═════ Records for the task ═════
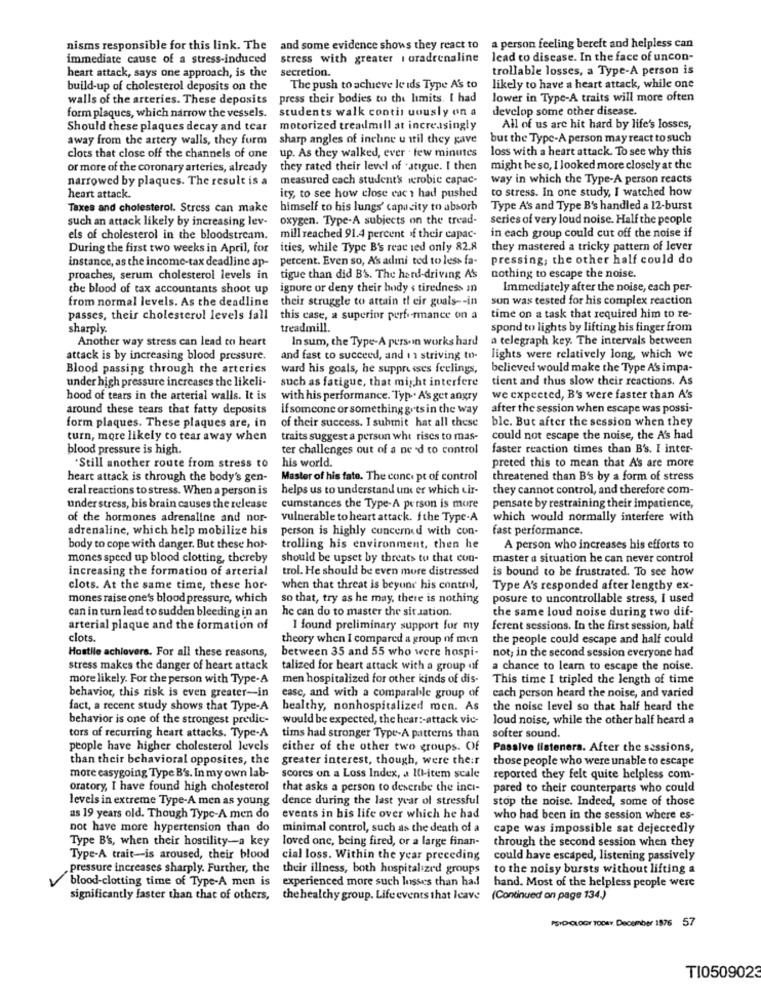
nisms responsible for this link. The and some evidence shows they react to
a person feeling bereft and helpless can
immediate cause of a stress-induced
stress with greater I oradrenaline lead to disease. In the face of uncon-
heart attack, says one approach, is the
secretion.
trollable losses, a Type-A person is
build-up of cholesterol deposits on the
The push to achieve le ids Type A's to
likely to have a heart attack, while one
walls of the arteries. These deposits
press their bodies to the limits. I had
lower in Type-A traits will more often
students walk contin uously on a
develop some other disease.
form plaques, which narrow the vessels.
Should these plaques decay and tear
motorized treadmill at increasingly
All of us are hit hard by life's losses,
away from the artery walls, they furm
sharp angles of incline u til they gave
but the Type-A person may react to such
up. As they walked, ever . few minutes
loss with a heart attack. To see why this
clots that close off the channels of one
or more of the coronary arteries, already
they rated their level of 'atigue. I then
might be so, I looked more closely at the
narrowed by plaques. The result is a
measured cach student's werobie capac-
way in which the Type-A person reacts
to stress. In one study, I watched how
heart attack.
ity, to see how close cac i had pushed
Taxes and cholesterol. Stress can make
himself to his lungs' capacity to absorb
Type A's and Type B's handled a 12-burst
such an attack likely by increasing lev-
oxygen. Type-A subjects on the tread-
series of very loud noise. Half the people
els of cholesterol in the bloodstream.
mill reached 91.4 percent of their capac-
in each group could cut off the noise if
During the first two weeks in April, for ities, while Type B's reac ied only 82.8
they mastered a tricky pattern of lever
instance, as the income-tax deadline ap-
percent. Even so, A's admi ted to less fa-
pressing; the other half could do
proaches, serum cholesterol levels in
tigue than did B's. The hard-driving A's
nothing to escape the noise.
the blood of tax accountants shoot up
ignore or deny their body & tiredness in
Immediately after the noise, each per-
from normal levels. As the deadline
their struggle to attain tl eir guals -- in
sun was tested for his complex reaction
passes, their cholesterol levels fall
this case, a superior performance on a
time on a task that required him to re-
sharply.
treadmill.
spond to lights by lifting his finger from
Another way stress can lead to heart
In sum, the Type-A persoin works hard
a telegraph key. The intervals between
attack is by increasing blood pressure.
and fast to succeed, and 1 1 striving to-
lights were relatively long, which we
Blood passing through the arteries
ward his goals, he suppresses feelings,
believed would make the Type A's impa-
under high pressure increases the likeli-
such as fatigue, that might interfere
tient and thus slow their reactions. As
hood of tears in the arterial walls. It is
with his performance. Typ .. A's get angry
we expected, B's were faster than A's
around these tears that fatty deposits
if someone or something gots in the way
after the session when escape was possi-
of their success. I submit hat all these
ble. But after the session when they
form plaques. These plaques are, in
turn, more likely to tear away when
traits suggest a person wht rises to mas-
could not escape the noise, the A's had
blood pressure is high.
ter challenges out of a ne 'd to control
faster reaction times than B's. I inter-
his world.
.Still another route from stress to
preted this to mean that A's are more
heart attack is through the body's gen-
Master of his fate. The concept of control
threatened than B's by a form of stress
eral reactions to stress. When a person is
helps us to understand und er which cir-
they cannot control, and therefore com-
under stress, bis brain causes the release
cumstances the Type-A person is more
pensate by restraining their impatience,
of the hormones adrenaline and nor-
vulnerable to heart attack. fthe Type-A
which would normally interfere with
adrenaline, which help mobilize his
person is highly concerned with con-
fast performance.
body to cope with danger. But these hot-
trolling his environment, then he
A person who increases his efforts to
mones speed up blood clotting, thereby
should be upset by threats to that con-
master a situation he can never control
increasing the formation of arterial
trol. He should be even more distressed
is bound to be frustrated. To see how
clots. At the same time, these hor-
when that threat is beyond his control,
Type A's responded after lengthy ex-
mones raise one's blood pressure, which
so that, try as he may, there is nothing
posure to uncontrollable stress, I used
he can do to master the situation.
the same loud noise during two dif-
can in turn lead to sudden bleeding in an
arterial plaque and the formation of
I found preliminary support for my
ferent sessions. In the first session, half
clots.
theory when I compared a group of men
the people could escape and half could
Hostile achievers. For all these reasons,
between 35 and 55 who were hospi-
not; in the second session everyone had
stress makes the danger of heart attack
talized for heart attack with a group of
a chance to learn to escape the noise.
more likely. For the person with Type-A
men hospitalized for other kinds of dis-
This time I tripled the length of time
behavior, this risk is even greater-in
ease, and with a comparable group of
each person heard the noise, and varied
fact, a recent study shows that Type-A healthy, nonhospitalized men. As
the noise level so that half heard the
behavior is one of the strongest predic-
would be expected, the hear :- attack vic-
loud noise, while the other half heard a
tors of recurring heart attacks. Type-A
tims had stronger Type-A patterns than
softer sound.
people have higher cholesterol levels
either of the other two groups. Of
Passive listeners. After the sessions,
than their behavioral opposites, the
greater interest, though, were the:r
those people who were unable to escape
more easygoing Type B's. In my own lab-
scores on a Loss Index, a IC-item scale
reported they felt quite helpless com-
oratory, I have found high cholesterol
that asks a person to describe the inci-
pared to their counterparts who could
levels in extreme Type-A men as young
dence during the last year of stressful
stop the noise. Indeed, some of those
as 19 years old. Though Type-A men do
events in his life over which he had
who had been in the session where es-
not have more hypertension than do
minimal control, such as the death of a
cape was impossible sat dejectedly
Type B's, when their hostility-a key
loved one, being fired, or a large finan-
through the second session when they
Type-A trait-is aroused, their blood cial loss. Within the year preceding
could have escaped, listening passively
pressure increases sharply. Further, the
their illness, both hospitalized groups
to the noisy bursts without lifting a
blood-clotting time of Type-A men is experienced more such losses than had
hand. Most of the helpless people were
significantly faster than that of others,
the healthy group. Life events that Icave
(Continued on page 134.)
PSYCHOLOGY TODAY. December 1576 57
TI0509023
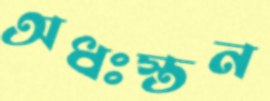
অধঃস্তন
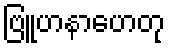
ဗြူဟနာဟေတု
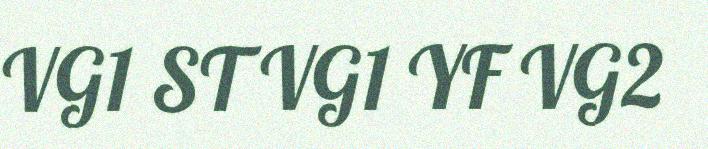
VG1 ST VG1 YF VG2
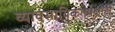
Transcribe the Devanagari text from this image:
व्यावसायिकतेपेक्षाही
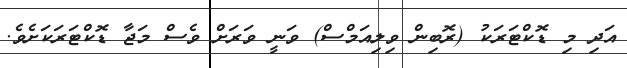
އަދި މި ޑޮކްޓަރަކު (ރޮބިން ވިލިއަމްސް) ވަނީ ވަރަށް ވެސް މަޖާ ޑޮކްޓަރަކަށެވެ.
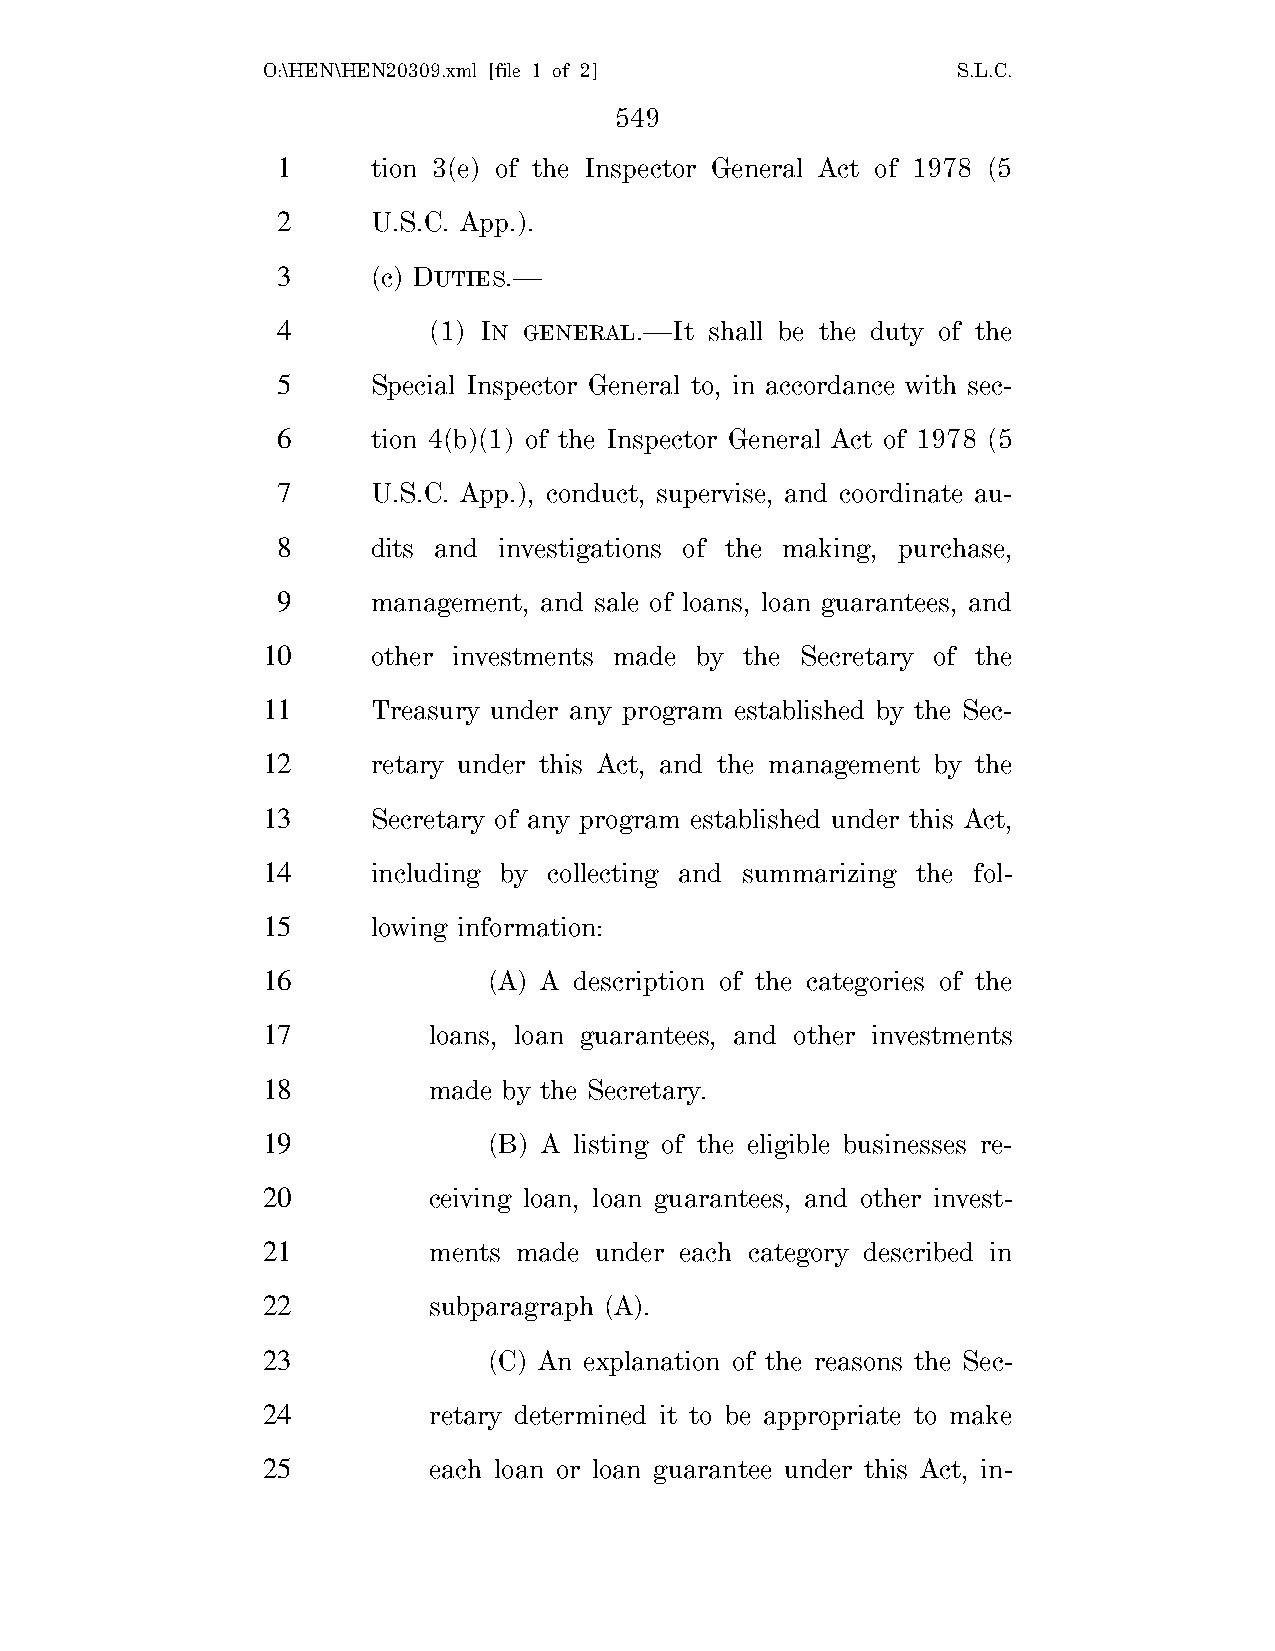
O:\HEN\HEN20309.xml [file 1 of 2]             S.L.C.
 549
 1      tion 3(e) of the Inspector General Act of 1978 (5
 2      U.S.C. App.).
 3      (c) DUTIES.—
 4         (1) IN GENERAL.—It shall be the duty of the
 5      Special Inspector General to, in accordance with sec-
 6      tion 4(b)(1) of the Inspector General Act of 1978 (5
 7      U.S.C. App.), conduct, supervise, and coordinate au-
 8      dits and investigations of the making, purchase,
 9      management, and sale of loans, loan guarantees, and
 10      other investments made by the Secretary of the
 11      Treasury under any program established by the Sec-
 12      retary under this Act, and the management by the
 13      Secretary of any program established under this Act,
 14      including by collecting and summarizing the fol-
 15      lowing information:
 16             (A) A description of the categories of the
 17         loans, loan guarantees, and other investments
 18         made by the Secretary.
 19             (B) A listing of the eligible businesses re-
 20         ceiving loan, loan guarantees, and other invest-
 21         ments made under each category described in
 22         subparagraph (A).
 23             (C) An explanation of the reasons the Sec-
 24         retary determined it to be appropriate to make
 25         each loan or loan guarantee under this Act, in-
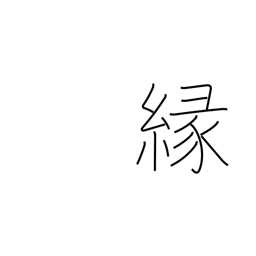
Meaning: affinity
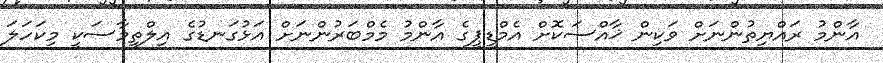
އާންމު ރައްޔިތުންނަށް ވަކިން ޚާއްސަކޮށް އެމްޑީޕީގެ އާންމު މެމްބަރުންނަށް އަޅުގަނޑުގެ އިލްތިމާސަކީ މިކަހަލަ
═════
Looking at the entries above, can you reproduce exactly the lines from the one that holds "tigue than did B's. The hard-driving A's" through the one that holds "their struggle to attain tl eir guals -- in", and only those?

tigue than did B's. The hard-driving A's
nothing to escape the noise.
the blood of tax accountants shoot up
ignore or deny their body & tiredness in
Immediately after the noise, each per-
from normal levels. As the deadline
their struggle to attain tl eir guals -- in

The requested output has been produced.